Father Stevens: There cannot be a dichotomy between the Jesus of history and the Christ of faith. Our salvation did not happen in a galaxy far, far away. This is part of the incarnation, that the eternal took on the conditions of time – and time is thereby redeemed. We live in history and God entered into the historical flow and redeems it. We find this in the Gospels. Luke is anxious to situate everything within the course of history – that is what saves us from a sort of Gnosticism.

We need to understand the limits of the texts we have – there is always more than what a historical text can convey. Truth always exceeds a text and methodology – there is not a one-to-one correspondence between any text and the truth. The texts are not intended to be a photograph – if they were, why would we go to some texts over and over? Some texts speak to us.

We get too caught up in minor textual discrepancies in the Scriptures. There is, rather, a sacramental quality to them – truth you don’t get on any one read. Substance is given to us in these texts – they convey a truth sufficient for our salvation.


What is historical-critical method?

A method of interpreting texts in which an attempt is made to reconstruct the original as much as possible and to compare it to other texts in order to determine its authorship, intent, context and sources.


Theologian of the month – Hans Urs von Balthasar (1905-1988)

One of the most noted theologians of the 20th century, Hans Urs von Balthasar never taught theology at a university. Instead, he opted to be a student chaplain at Basel. While there, he met Adrienne Von Speyr, a mystic, whose writings became inextricably linked with his own.
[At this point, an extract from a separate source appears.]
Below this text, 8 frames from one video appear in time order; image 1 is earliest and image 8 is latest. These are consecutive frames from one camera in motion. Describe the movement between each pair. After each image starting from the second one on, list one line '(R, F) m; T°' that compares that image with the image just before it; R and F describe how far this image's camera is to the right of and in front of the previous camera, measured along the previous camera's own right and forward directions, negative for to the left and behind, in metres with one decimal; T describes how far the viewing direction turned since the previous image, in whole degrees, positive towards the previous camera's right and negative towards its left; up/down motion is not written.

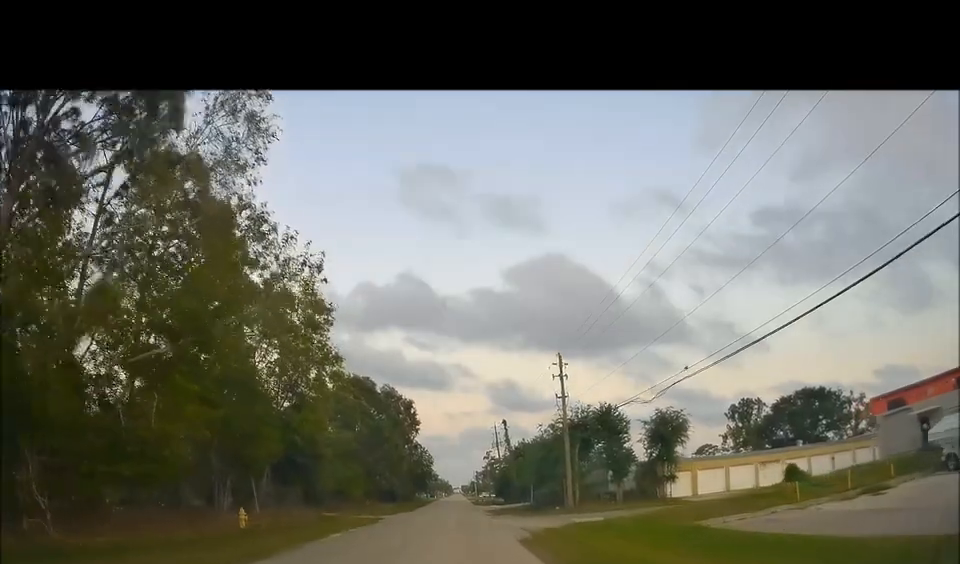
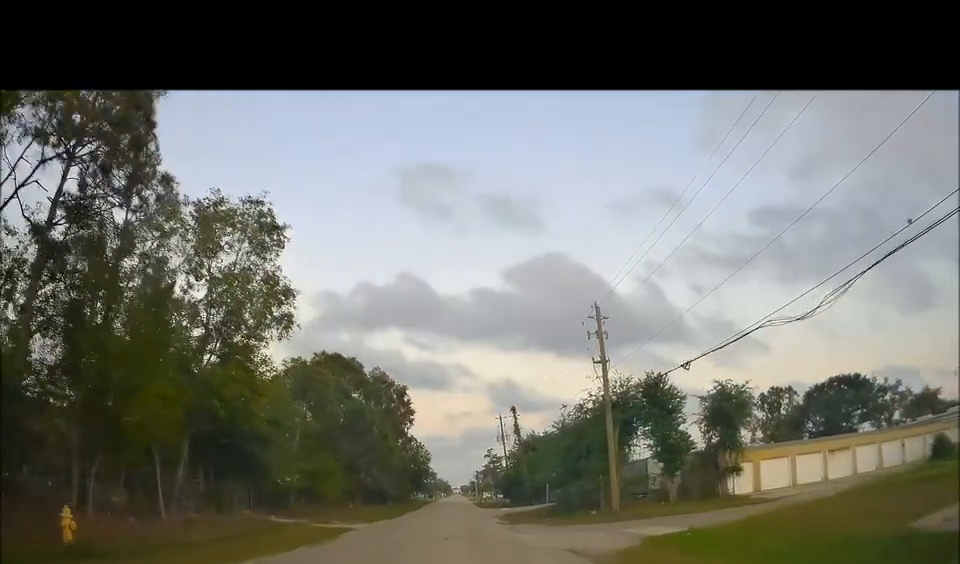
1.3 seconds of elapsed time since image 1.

In 1950, Balthasar left the Jesuit order to become a diocesan priest, having felt the call to begin the Community of St. John with Speyr.

In 1988, two days before the ceremony that would have elevated him to a cardinal, Hans Urs von Balthasar died at his home in Basel.

He wrote that Jesus’ death and resurrection reveal to us that God can endure and conquer godlessness, abandonment and death itself.

Balthasar described his theology as a “kneeling theology”, connected to prayer, adoration and worship.


Heresy!

Appollinarianism: Jesus’ divine nature took the place of his humanity

According to Appollinarists, Jesus was divine – but was so at the expense of his humanity. Apollinaris, a bishop, taught that the Logos, the “Word” of God, became the divine nature of Christ, overcoming and taking the place of his human soul. He and his followers believed that Jesus was the son of God, but that humanity and divinity couldn’t exist simultaneously in one person. The theological danger of this heresy is that it minimizes the value of Jesus’ sacrifice on the cross – if he was not human, he did not really die. And therefore, didn’t rise. In 381, the Second Council at Constantinople condemned this heresy and affirmed the concept of the hypostatic union – Jesus is completely God and completely human.


What does that symbol mean?

Paschal Lamb

Jesus is often depicted as the lamb whose blood redeems us, an analogy to the Passover sacrificial lamb. The Book of Revelation describes Jesus as the “Lamb who was slain?”